伊達:はい。ただ、ここで基本的な流れはお話しできます。最初に、人材要件を定める必要があります。どういう人を雇いたいかを明確に定めます。その上で、人材要件を見極める質問項目を要件ごとに検討します。最後に、評価基準を決定するという流れです。この中でも、大元にある人材要件の設計が最も大事です。
先ほどの通り、従来の対面による採用では、曖昧なフィットでもなんとかなる部分もありました。日本企業の場合、育成の体系が整っていることもあり、「採用してしまえば後でなんとかなる」という発想を持っている企業もあります。でもオンライン化すると、少し事情が違ってきます。採用の発想を「後でなんとかなる」から「事前にきちんと準備する」に転換することが大事だと思います。

岡田:ありがとうございます。最後に人事担当者へのメッセージと御社事業のPRをお願いします。

伊達:まず、「オンライン化=最新テクノロジーの導入」だけではないということです。オンライン化は、自分たちが暗黙のうちにおいていた前提を振り返るチャンスです。例えば、「自分たちの面接は本当に人を見極められていたのか」などを振り返ってみましょう。次に、「リソースの慣性」に対抗する必要があるということです。
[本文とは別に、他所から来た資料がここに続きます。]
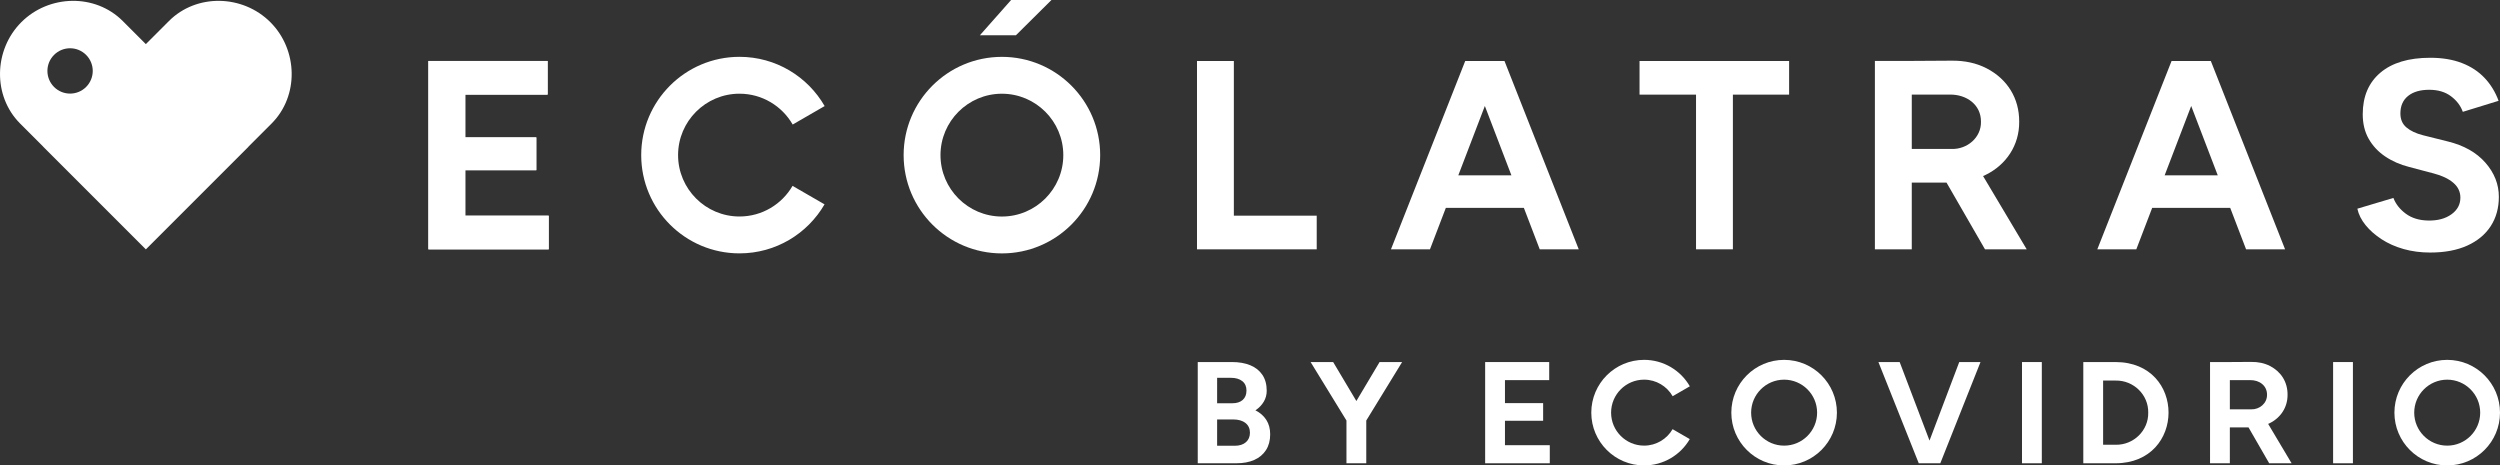 <?xml version="1.0" encoding="UTF-8" standalone="no"?>
<svg
   id="LOGOTIPO"
   version="1.1"
   viewBox="0 0 566.929 105.551"
   sodipodi:docname="ecolatras_by_ecovidrio_blanco2.svg"
   width="566.929"
   height="105.551"
   inkscape:version="1.4.2 (ebf0e94, 2025-05-08)"
   xmlns:inkscape="http://www.inkscape.org/namespaces/inkscape"
   xmlns:sodipodi="http://sodipodi.sourceforge.net/DTD/sodipodi-0.dtd"
   xmlns="http://www.w3.org/2000/svg"
   xmlns:svg="http://www.w3.org/2000/svg">
  <rect x="0" y="0" width="566.929" height="105.551" fill="#333333" stroke="none"/>
  <sodipodi:namedview
     id="namedview18"
     pagecolor="#505050"
     bordercolor="#ffffff"
     borderopacity="1"
     inkscape:showpageshadow="0"
     inkscape:pageopacity="0"
     inkscape:pagecheckerboard="1"
     inkscape:deskcolor="#d1d1d1"
     inkscape:zoom="0.98693786"
     inkscape:cx="-22.29117"
     inkscape:cy="63.327189"
     inkscape:window-width="2560"
     inkscape:window-height="1377"
     inkscape:window-x="-8"
     inkscape:window-y="-8"
     inkscape:window-maximized="1"
     inkscape:current-layer="LOGOTIPO" />
  <!-- Generator: Adobe Illustrator 29.5.1, SVG Export Plug-In . SVG Version: 2.1.0 Build 141)  -->
  <defs
     id="defs1">
    <style
       id="style1">
      .st0 {
        fill: #fff;
      }
    </style>
  </defs>
  <g
     id="g11"
     transform="translate(-137.48,-244.862)">
    <g
       id="g10">
      <path
         class="st0"
         d="m 305.176,266.11 c 5.154,0 9.66,2.815 12.063,6.993 l 7.248,-4.188 c -3.845,-6.674 -11.053,-11.166 -19.311,-11.166 -12.308,0 -22.287,9.979 -22.287,22.287 0,12.308 9.979,22.282 22.287,22.282 8.238,0 15.432,-4.467 19.286,-11.117 l -7.253,-4.188 c -2.408,4.148 -6.899,6.944 -12.034,6.944 -7.679,0 -13.926,-6.247 -13.926,-13.922 0,-7.679 6.247,-13.926 13.926,-13.926 z"
         id="path1" />
      <path
         class="st0"
         d="m 364.682,257.756 c -12.308,0 -22.285,9.978 -22.285,22.285 0,12.308 9.978,22.286 22.285,22.286 12.308,0 22.286,-9.978 22.286,-22.286 0,-12.308 -9.978,-22.285 -22.286,-22.285 z m 0,36.21 c -7.678,0 -13.925,-6.247 -13.925,-13.925 0,-7.678 6.247,-13.925 13.925,-13.925 7.678,0 13.925,6.247 13.925,13.925 0,7.678 -6.247,13.925 -13.925,13.925 z"
         id="path2" />
      <polygon
         class="st0"
         points="259.103,276.016 242.989,276.016 242.989,266.311 261.666,266.311 261.666,258.682 242.989,258.682 240.975,258.682 234.627,258.682 234.627,301.407 240.975,301.407 242.989,301.407 261.91,301.407 261.91,293.778 242.989,293.778 242.989,283.462 259.103,283.462 "
         id="polygon2" />
      <path
         class="st0"
         d="m 587.746,284.531 c 4.701,-2.292 7.677,-6.755 7.63,-12.055 0.037,-5.344 -2.709,-9.702 -7.386,-12.116 -2.319,-1.2 -4.985,-1.779 -7.996,-1.739 l -9.955,0.061 h -7.385 v 42.726 h 8.362 v -15.137 h 7.881 l 8.727,15.137 h 9.461 l -9.899,-16.623 c 0.188,-0.083 0.377,-0.164 0.56,-0.254 z m -16.73,-18.22 h 8.612 c 3.805,-0.059 7.115,2.289 7.081,6.165 0.064,3.597 -3.138,6.261 -6.653,6.165 h -9.04 z"
         id="path3" />
      <path
         class="st0"
         d="m 234.634,301.4 v -42.704 h 27.026 v 7.626 h -18.668 v 9.7 h 16.106 v 7.443 h -16.106 v 10.31 h 18.912 v 7.626 z"
         id="path4" />
      <path
         class="st0"
         d="m 359.695,252.854 7.076,-7.992 h 9.151 l -8.053,7.992 z"
         id="path5" />
      <path
         class="st0"
         d="m 408.926,301.4 v -42.704 h 8.358 v 35.079 h 18.79 v 7.626 z"
         id="path6" />
      <path
         class="st0"
         d="m 486.648,301.4 h 8.845 L 478.656,258.696 h -8.907 l -16.838,42.704 h 8.846 l 3.597,-9.395 h 17.696 z m -18.467,-16.777 6.022,-15.73 6.022,15.73 z"
         id="path7" />
      <path
         class="st0"
         d="m 522.092,301.4 v -35.079 h -12.811 v -7.626 h 33.919 v 7.626 h -12.75 v 35.079 z"
         id="path8" />
      <path
         class="st0"
         d="m 646.827,301.4 h 8.845 L 638.835,258.696 h -8.907 l -16.838,42.704 h 8.846 l 3.597,-9.395 h 17.696 z m -18.467,-16.777 6.022,-15.73 6.022,15.73 z"
         id="path9" />
      <path
         class="st0"
         d="m 688.593,302.132 c -2.157,0 -4.17,-0.265 -6.04,-0.793 -1.871,-0.528 -3.538,-1.271 -5.002,-2.227 -1.465,-0.955 -2.675,-2.023 -3.63,-3.203 -0.956,-1.179 -1.577,-2.419 -1.861,-3.721 l 8.175,-2.44 c 0.527,1.383 1.464,2.573 2.806,3.569 1.342,0.997 3.029,1.516 5.063,1.556 2.156,0.041 3.914,-0.427 5.277,-1.403 1.362,-0.976 2.044,-2.236 2.044,-3.783 0,-1.342 -0.54,-2.471 -1.616,-3.386 -1.078,-0.915 -2.553,-1.617 -4.423,-2.105 l -5.551,-1.464 c -2.075,-0.528 -3.904,-1.332 -5.491,-2.41 -1.586,-1.077 -2.827,-2.41 -3.721,-3.996 -0.895,-1.586 -1.342,-3.437 -1.342,-5.552 0,-4.026 1.331,-7.168 3.996,-9.425 2.663,-2.257 6.435,-3.386 11.316,-3.386 2.724,0 5.113,0.396 7.168,1.189 2.053,0.793 3.772,1.922 5.155,3.386 1.383,1.464 2.44,3.193 3.172,5.186 l -8.114,2.501 c -0.487,-1.382 -1.383,-2.562 -2.684,-3.538 -1.301,-0.976 -2.949,-1.464 -4.942,-1.464 -2.033,0 -3.63,0.468 -4.789,1.403 -1.16,0.936 -1.738,2.257 -1.738,3.966 0,1.342 0.457,2.4 1.372,3.172 0.915,0.773 2.166,1.363 3.752,1.769 l 5.612,1.403 c 3.661,0.895 6.506,2.501 8.541,4.819 2.033,2.318 3.05,4.902 3.05,7.748 0,2.522 -0.61,4.728 -1.83,6.619 -1.22,1.891 -2.989,3.366 -5.308,4.423 -2.318,1.057 -5.125,1.586 -8.418,1.586 z"
         id="path10" />
    </g>
    <path
       class="st0"
       d="m 149.738,257.313 c 2.007,-2.007 5.261,-2.007 7.268,0 2.007,2.007 2.007,5.261 0,7.268 -2.007,2.007 -5.261,2.007 -7.268,0 -2.007,-2.007 -2.007,-5.261 0,-7.268 z m 49.051,-7.422 c -6.265,-6.265 -16.727,-6.535 -22.991,-0.27 l -5.245,5.245 -5.245,-5.245 c -6.265,-6.265 -16.727,-5.994 -22.991,0.27 -6.265,6.265 -6.535,16.726 -0.27,22.991 l 5.245,5.245 -0.013,0.013 23.274,23.274 23.274,-23.274 -0.013,-0.013 5.245,-5.245 c 6.265,-6.265 5.995,-16.726 -0.27,-22.991 z"
       id="path11" />
  </g>
  <g
     id="g18"
     transform="translate(-137.48,-244.862)">
    <g
       id="g12">
      <path
         class="st0"
         d="M 409.095,349.915 V 326.963 h 7.771 c 1.574,0 2.951,0.241 4.131,0.721 1.18,0.481 2.098,1.208 2.754,2.18 0.656,0.973 0.984,2.18 0.984,3.623 0,0.896 -0.225,1.721 -0.672,2.476 -0.448,0.754 -1.077,1.405 -1.885,1.951 1.071,0.546 1.896,1.274 2.475,2.18 0.579,0.907 0.869,1.995 0.869,3.263 0,1.399 -0.317,2.59 -0.951,3.574 -0.634,0.984 -1.519,1.727 -2.656,2.23 -1.137,0.503 -2.47,0.754 -4,0.754 z m 4.394,-13.607 h 3.476 c 0.984,0 1.759,-0.251 2.328,-0.754 0.568,-0.503 0.853,-1.213 0.853,-2.131 0,-0.918 -0.317,-1.628 -0.951,-2.131 -0.634,-0.503 -1.498,-0.754 -2.59,-0.754 h -3.115 z m 0,9.64 h 4 c 1.071,0 1.913,-0.267 2.525,-0.803 0.612,-0.535 0.918,-1.251 0.918,-2.148 0,-0.94 -0.339,-1.677 -1.016,-2.213 -0.678,-0.535 -1.607,-0.803 -2.787,-0.803 h -3.639 z"
         id="path12" />
      <polygon
         class="st0"
         points="445.065,335.804 439.803,326.963 434.688,326.963 442.819,340.225 442.819,349.915 447.311,349.915 447.311,340.225 455.443,326.963 450.328,326.963 "
         id="polygon12" />
    </g>
    <g
       id="g17">
      <path
         class="st0"
         d="m 510.311,330.956 c 2.769,0 5.19,1.512 6.481,3.757 l 3.894,-2.25 c -2.065,-3.585 -5.938,-5.998 -10.374,-5.998 -6.612,0 -11.973,5.361 -11.973,11.973 0,6.612 5.361,11.971 11.973,11.971 4.426,0 8.29,-2.4 10.361,-5.972 l -3.896,-2.25 c -1.293,2.229 -3.707,3.73 -6.465,3.73 -4.125,0 -7.482,-3.356 -7.482,-7.479 0,-4.125 3.356,-7.482 7.482,-7.482 z"
         id="path13" />
      <path
         class="st0"
         d="m 542.068,326.468 c -6.612,0 -11.972,5.36 -11.972,11.972 0,6.612 5.36,11.972 11.972,11.972 6.612,0 11.972,-5.36 11.972,-11.972 0,-6.612 -5.36,-11.972 -11.972,-11.972 z m 0,19.453 c -4.125,0 -7.481,-3.356 -7.481,-7.481 0,-4.125 3.356,-7.481 7.481,-7.481 4.125,0 7.481,3.356 7.481,7.481 0,4.125 -3.356,7.481 -7.481,7.481 z"
         id="path14" />
      <polygon
         class="st0"
         points="487.419,336.278 478.762,336.278 478.762,331.064 488.796,331.064 488.796,326.966 478.762,326.966 477.68,326.966 474.27,326.966 474.27,349.919 477.68,349.919 478.762,349.919 488.927,349.919 488.927,345.82 478.762,345.82 478.762,340.279 487.419,340.279 "
         id="polygon14" />
      <polygon
         class="st0"
         points="563.451,326.966 572.6,349.919 573.092,349.919 576.994,349.919 577.486,349.919 586.601,326.966 581.781,326.966 575.039,344.775 568.271,326.966 "
         id="polygon15" />
      <rect
         class="st0"
         x="596.012"
         y="326.966"
         width="4.492"
         height="22.953"
         id="rect15" />
      <path
         class="st0"
         d="m 617.26,326.966 h -7.345 v 22.953 h 7.345 c 15.951,-0.057 16.007,-22.912 0,-22.953 z m 0,18.756 h -2.853 v -14.559 h 2.853 c 4.047,-0.072 7.452,3.211 7.378,7.279 0.073,4.069 -3.33,7.351 -7.378,7.279 z"
         id="path15" />
      <rect
         class="st0"
         x="666.562"
         y="326.966"
         width="4.492"
         height="22.953"
         id="rect16" />
      <path
         class="st0"
         d="m 692.437,326.468 c -6.612,0 -11.972,5.36 -11.972,11.972 0,6.612 5.36,11.972 11.972,11.972 6.612,0 11.972,-5.36 11.972,-11.972 0,-6.612 -5.36,-11.972 -11.972,-11.972 z m 0,19.453 c -4.125,0 -7.481,-3.356 -7.481,-7.481 0,-4.125 3.356,-7.481 7.481,-7.481 4.125,0 7.481,3.356 7.481,7.481 0,4.125 -3.356,7.481 -7.481,7.481 z"
         id="path16" />
      <path
         class="st0"
         d="m 652.135,340.853 c 2.525,-1.231 4.124,-3.629 4.099,-6.476 0.02,-2.871 -1.456,-5.212 -3.968,-6.509 -1.246,-0.644 -2.678,-0.956 -4.296,-0.934 l -5.348,0.033 h -3.968 v 22.953 h 4.492 v -8.132 h 4.234 l 4.688,8.132 h 5.082 l -5.318,-8.93 c 0.101,-0.045 0.202,-0.088 0.301,-0.136 z m -8.988,-9.788 h 4.627 c 2.044,-0.032 3.823,1.23 3.804,3.312 0.034,1.933 -1.686,3.364 -3.574,3.312 h -4.856 z"
         id="path17" />
    </g>
  </g>
</svg>

アメリカの新聞社のデジタル化を分析した研究があるのですが、事業そのものはデジタル化を早く取り入れたのに、社内のルーティン業務はあまり変わらなかったんですね。組織内の変化は遅くなる。ですので、オンライン採用を進めることで得た知識やノウハウを、ぜひ社内コミュニケーションや評価面談の仕方などに活かしていただけたらと思います。
最後にPRですが、当社はアカデミックな知識をもとに、広範な人事テーマについてオールラウンドに対応しているところが特徴です。組織サーベイや人事データ分析を行いたい場合は、ぜひお気軽にご相談いただけたらと思います。

岡田:ありがとうございます。以上で収録を終了します。